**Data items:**
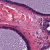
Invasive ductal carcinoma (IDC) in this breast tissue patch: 0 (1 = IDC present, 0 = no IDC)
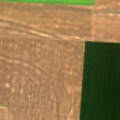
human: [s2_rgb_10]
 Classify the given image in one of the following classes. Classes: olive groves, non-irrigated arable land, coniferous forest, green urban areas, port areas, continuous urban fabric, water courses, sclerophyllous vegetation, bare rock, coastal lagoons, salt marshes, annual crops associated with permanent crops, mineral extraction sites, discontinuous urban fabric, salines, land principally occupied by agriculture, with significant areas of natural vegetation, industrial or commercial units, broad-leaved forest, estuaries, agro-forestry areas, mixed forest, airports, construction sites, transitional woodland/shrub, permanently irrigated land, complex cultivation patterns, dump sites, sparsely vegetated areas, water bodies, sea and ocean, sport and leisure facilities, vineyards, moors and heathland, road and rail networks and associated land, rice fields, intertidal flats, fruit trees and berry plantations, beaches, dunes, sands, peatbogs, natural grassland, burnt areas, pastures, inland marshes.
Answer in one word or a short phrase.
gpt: non-irrigated arable land
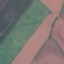
Land use / land cover: AnnualCrop
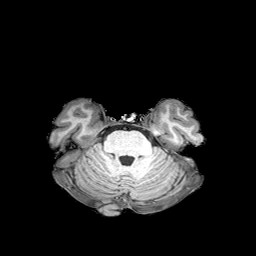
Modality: T1w
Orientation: coronal
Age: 34
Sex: female
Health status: healthy
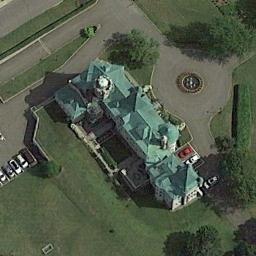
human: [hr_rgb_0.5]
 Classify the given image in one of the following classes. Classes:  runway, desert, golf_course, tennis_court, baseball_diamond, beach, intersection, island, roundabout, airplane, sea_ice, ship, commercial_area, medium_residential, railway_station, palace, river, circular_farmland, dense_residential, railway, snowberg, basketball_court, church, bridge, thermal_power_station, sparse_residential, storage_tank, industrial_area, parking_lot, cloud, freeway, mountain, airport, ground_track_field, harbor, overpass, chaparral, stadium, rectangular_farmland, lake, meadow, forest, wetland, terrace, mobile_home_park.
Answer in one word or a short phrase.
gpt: church
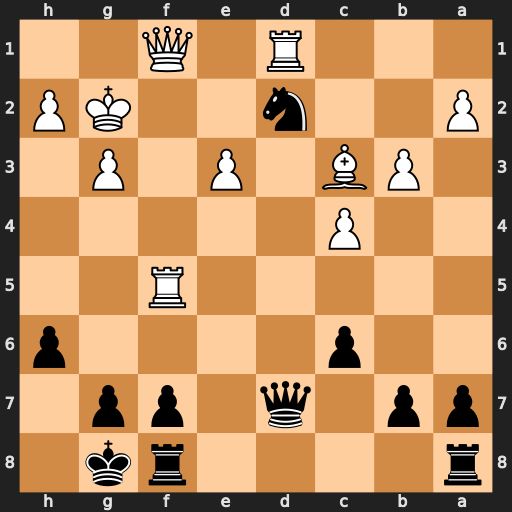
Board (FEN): r4rk1/pp1q1pp1/2p4p/5R2/2P5/1PB1P1P1/P2n2KP/3R1Q2
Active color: b
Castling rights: -
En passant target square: -
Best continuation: Nxf1 Rxd7 Nxe3+ Kf2 Nxf5
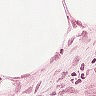
Metastatic tissue present: no
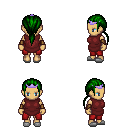
a pixel art fantasy rpg character, female body template, human, tanned skin, maroon tunic, red pants, green ponytail hairstyle, purple tiara, cloth bracers, white slippers, four views (front, back, left, right), 2x2 character sprite sheet, small pixel art, hard edges, no anti-aliasing
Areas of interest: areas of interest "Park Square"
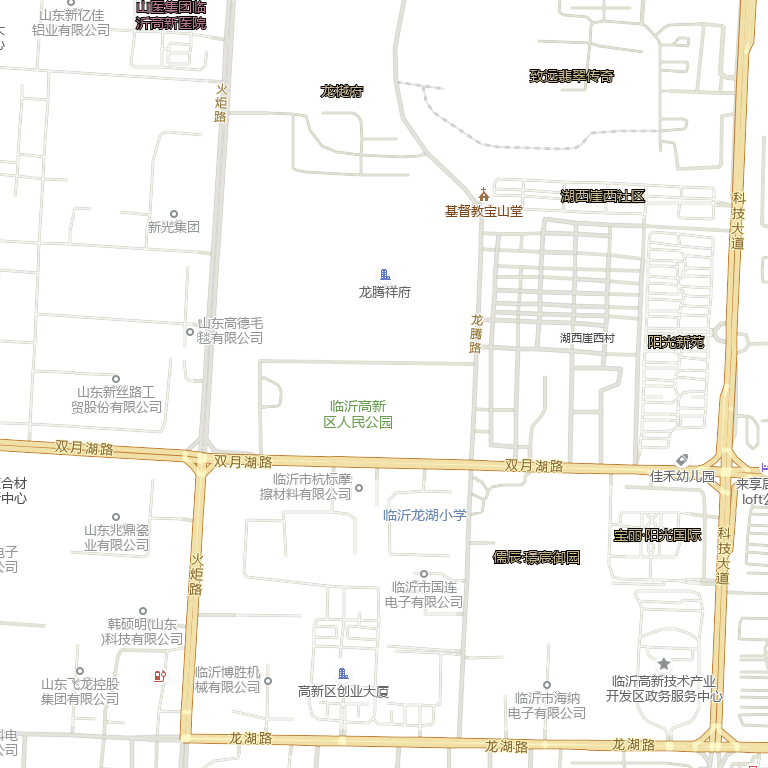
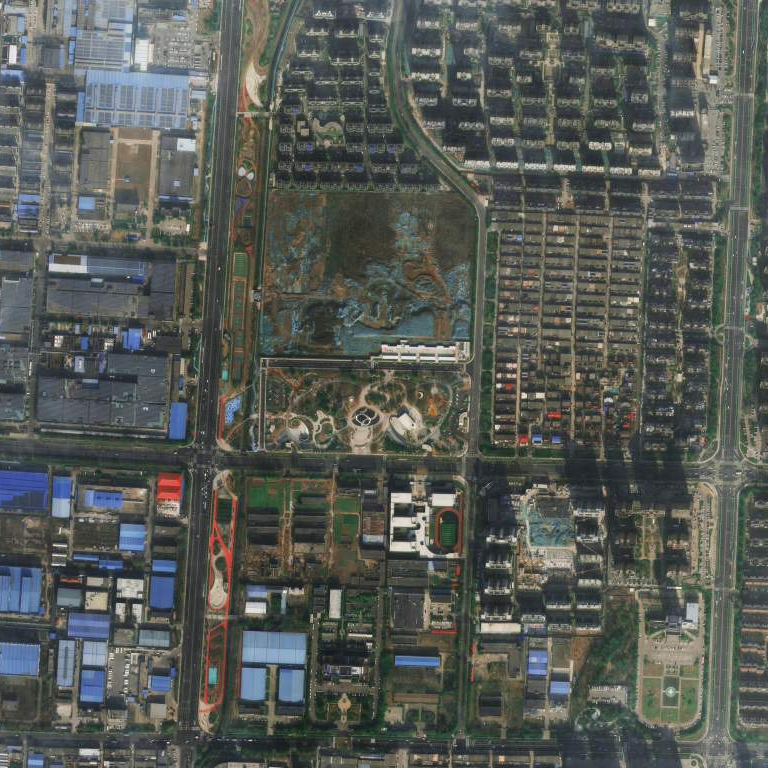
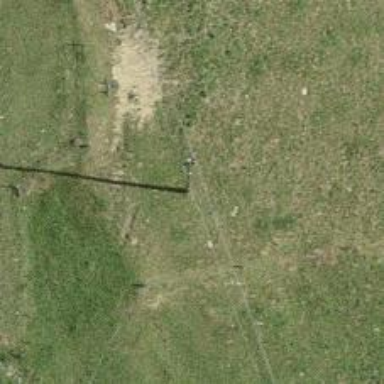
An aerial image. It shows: Utility pole as the man-made structure.
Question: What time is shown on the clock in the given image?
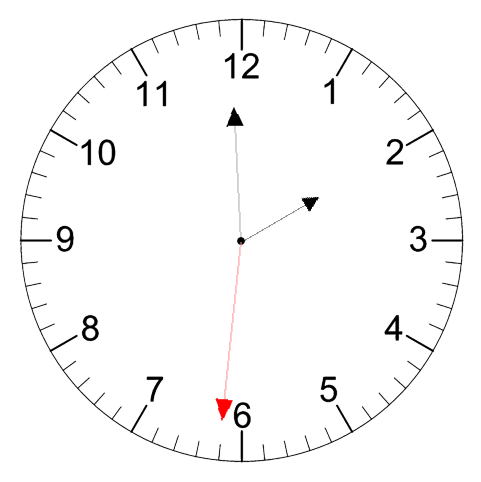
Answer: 01:59:31
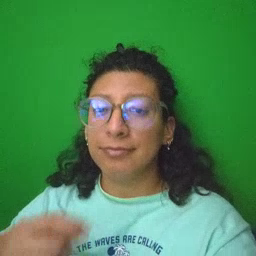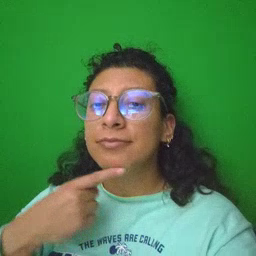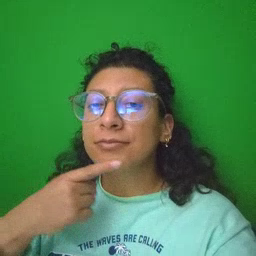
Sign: chin
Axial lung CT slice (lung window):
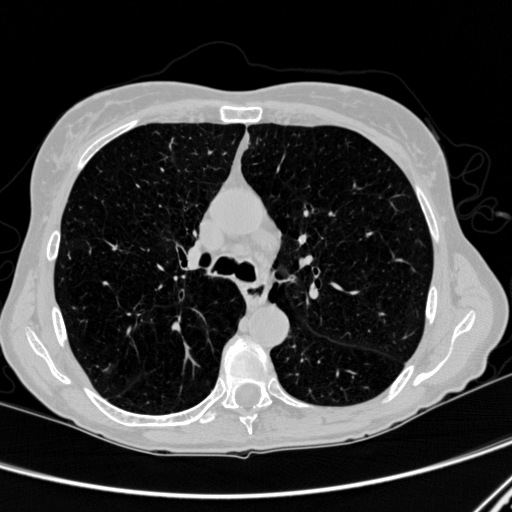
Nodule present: no
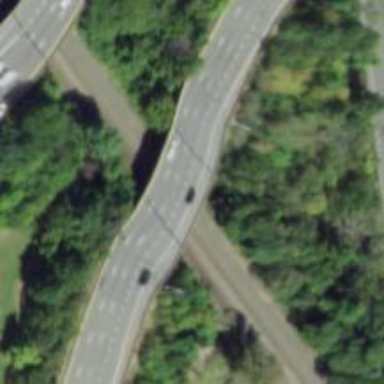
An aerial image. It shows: Motorway bridge crossing urban freeway/expressway.
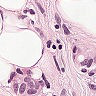
Metastatic tissue present: yes
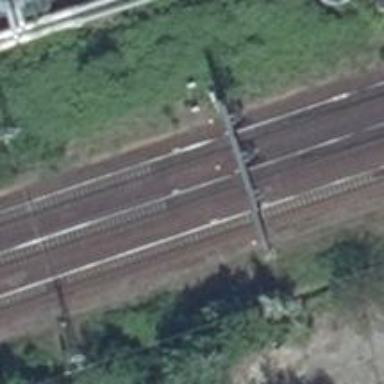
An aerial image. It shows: Railway signal.
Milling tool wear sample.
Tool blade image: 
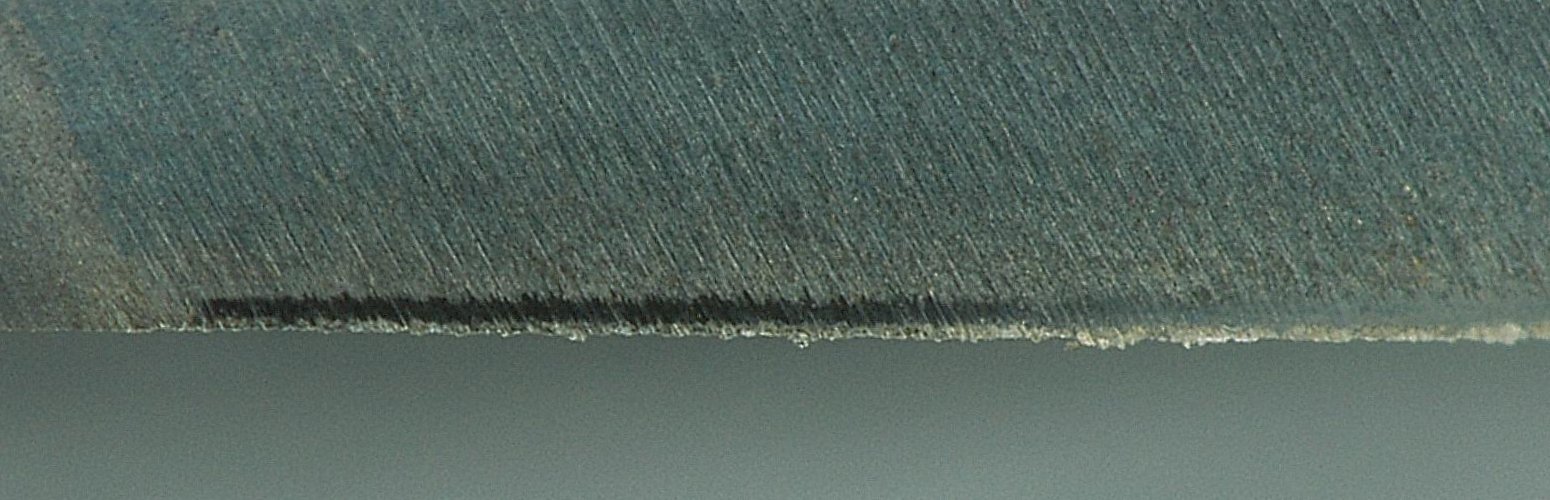
Chip image: 
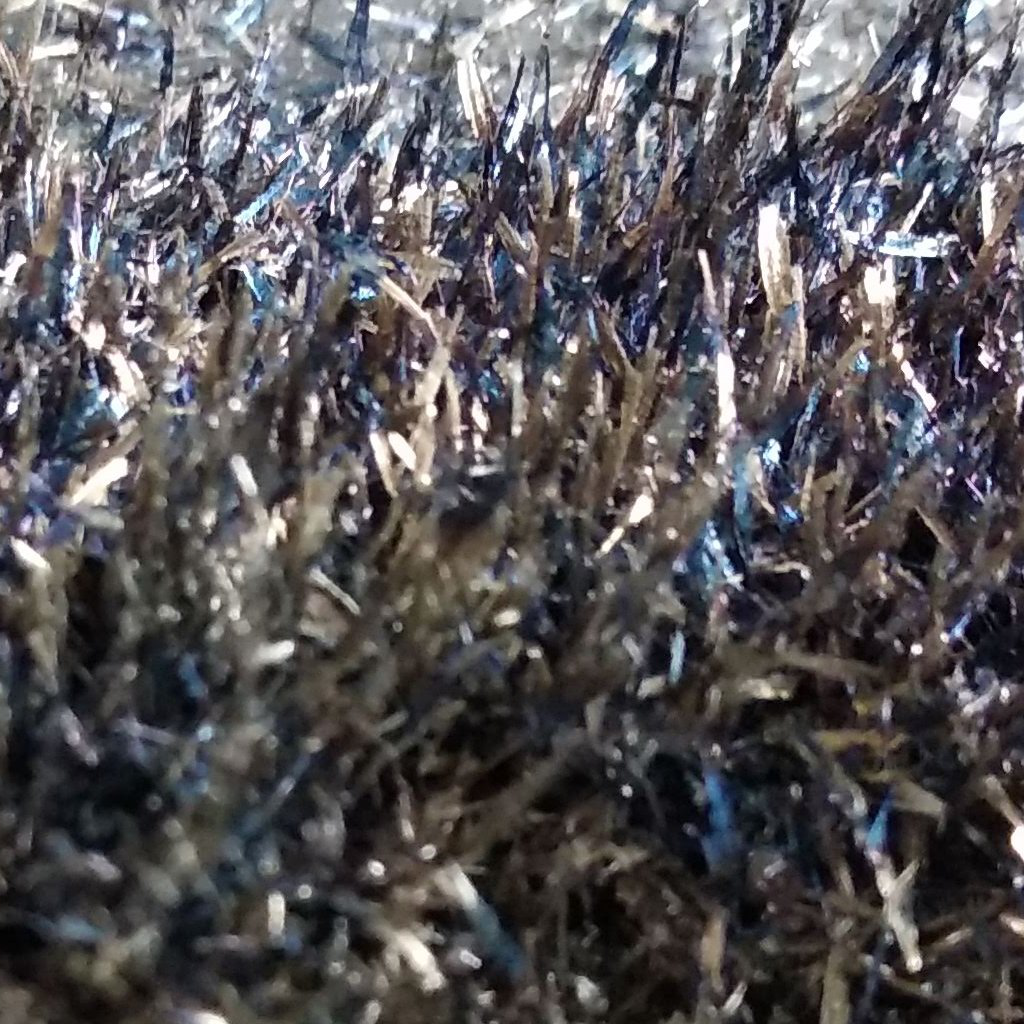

**Task:** For each record, return its text exactly and leave any picture out.

**Solution to the exercise:**
Invasive ductal carcinoma (IDC) in this breast tissue patch: 0 (1 = IDC present, 0 = no IDC)
human: [s2_rgb_10]
 Classify the given image in one of the following classes. Classes: olive groves, non-irrigated arable land, coniferous forest, green urban areas, port areas, continuous urban fabric, water courses, sclerophyllous vegetation, bare rock, coastal lagoons, salt marshes, annual crops associated with permanent crops, mineral extraction sites, discontinuous urban fabric, salines, land principally occupied by agriculture, with significant areas of natural vegetation, industrial or commercial units, broad-leaved forest, estuaries, agro-forestry areas, mixed forest, airports, construction sites, transitional woodland/shrub, permanently irrigated land, complex cultivation patterns, dump sites, sparsely vegetated areas, water bodies, sea and ocean, sport and leisure facilities, vineyards, moors and heathland, road and rail networks and associated land, rice fields, intertidal flats, fruit trees and berry plantations, beaches, dunes, sands, peatbogs, natural grassland, burnt areas, pastures, inland marshes.
Answer in one word or a short phrase.
gpt: non-irrigated arable land
Land use / land cover: AnnualCrop
Modality: T1w
Orientation: coronal
Age: 34
Sex: female
Health status: healthy
human: [hr_rgb_0.5]
 Classify the given image in one of the following classes. Classes:  runway, desert, golf_course, tennis_court, baseball_diamond, beach, intersection, island, roundabout, airplane, sea_ice, ship, commercial_area, medium_residential, railway_station, palace, river, circular_farmland, dense_residential, railway, snowberg, basketball_court, church, bridge, thermal_power_station, sparse_residential, storage_tank, industrial_area, parking_lot, cloud, freeway, mountain, airport, ground_track_field, harbor, overpass, chaparral, stadium, rectangular_farmland, lake, meadow, forest, wetland, terrace, mobile_home_park.
Answer in one word or a short phrase.
gpt: church
Board (FEN): r4rk1/pp1q1pp1/2p4p/5R2/2P5/1PB1P1P1/P2n2KP/3R1Q2
Active color: b
Castling rights: -
En passant target square: -
Best continuation: Nxf1 Rxd7 Nxe3+ Kf2 Nxf5
Metastatic tissue present: no
a pixel art fantasy rpg character, female body template, human, tanned skin, maroon tunic, red pants, green ponytail hairstyle, purple tiara, cloth bracers, white slippers, four views (front, back, left, right), 2x2 character sprite sheet, small pixel art, hard edges, no anti-aliasing
Areas of interest: areas of interest "Park Square"
An aerial image. It shows: Utility pole as the man-made structure.
Question: What time is shown on the clock in the given image?
Answer: 01:59:31
Sign: chin
Axial lung CT slice (lung window):
Nodule present: no
An aerial image. It shows: Motorway bridge crossing urban freeway/expressway.
Metastatic tissue present: yes
An aerial image. It shows: Railway signal.
Milling tool wear sample.
Tool blade image: 
Chip image: 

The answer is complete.